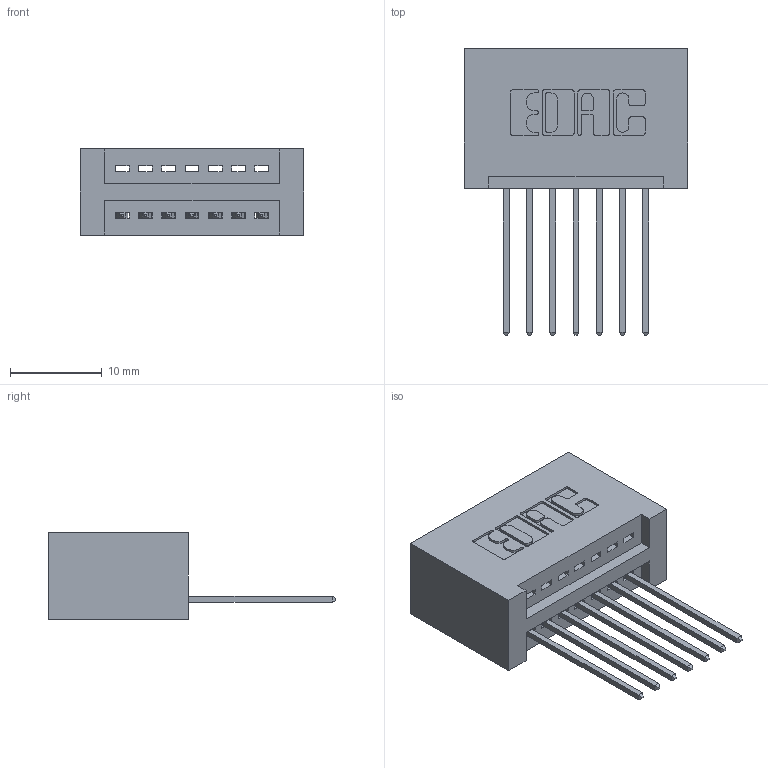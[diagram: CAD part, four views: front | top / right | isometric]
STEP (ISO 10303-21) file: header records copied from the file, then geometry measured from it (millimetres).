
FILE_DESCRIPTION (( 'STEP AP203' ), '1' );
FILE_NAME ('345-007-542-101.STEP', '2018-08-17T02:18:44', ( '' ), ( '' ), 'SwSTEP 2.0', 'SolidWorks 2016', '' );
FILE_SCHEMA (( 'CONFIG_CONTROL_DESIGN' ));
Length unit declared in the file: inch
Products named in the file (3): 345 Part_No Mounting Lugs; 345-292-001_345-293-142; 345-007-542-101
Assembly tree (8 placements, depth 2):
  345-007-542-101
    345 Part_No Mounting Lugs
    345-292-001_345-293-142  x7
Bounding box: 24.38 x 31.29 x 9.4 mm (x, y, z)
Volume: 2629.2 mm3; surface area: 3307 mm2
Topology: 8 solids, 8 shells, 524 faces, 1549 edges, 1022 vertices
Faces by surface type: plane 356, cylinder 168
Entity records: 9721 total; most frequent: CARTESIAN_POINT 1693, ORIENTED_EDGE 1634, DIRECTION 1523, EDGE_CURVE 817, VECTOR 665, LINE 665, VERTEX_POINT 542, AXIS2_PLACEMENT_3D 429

**REQUIREMENT**
Print the records exactly, every one. Leave out the pictures.

**SOLVED PROBLEM**
[diagram: CAD part, four views: front | top / right | isometric]
STEP (ISO 10303-21) file: header records copied from the file, then geometry measured from it (millimetres).
FILE_DESCRIPTION (( 'STEP AP203' ), '1' );
FILE_NAME ('345-007-542-101.STEP', '2018-08-17T02:18:44', ( '' ), ( '' ), 'SwSTEP 2.0', 'SolidWorks 2016', '' );
FILE_SCHEMA (( 'CONFIG_CONTROL_DESIGN' ));
Length unit declared in the file: inch
Products named in the file (3): 345 Part_No Mounting Lugs; 345-292-001_345-293-142; 345-007-542-101
Assembly tree (8 placements, depth 2):
  345-007-542-101
    345 Part_No Mounting Lugs
    345-292-001_345-293-142  x7
Bounding box: 24.38 x 31.29 x 9.4 mm (x, y, z)
Volume: 2629.2 mm3; surface area: 3307 mm2
Topology: 8 solids, 8 shells, 524 faces, 1549 edges, 1022 vertices
Faces by surface type: plane 356, cylinder 168
Entity records: 9721 total; most frequent: CARTESIAN_POINT 1693, ORIENTED_EDGE 1634, DIRECTION 1523, EDGE_CURVE 817, VECTOR 665, LINE 665, VERTEX_POINT 542, AXIS2_PLACEMENT_3D 429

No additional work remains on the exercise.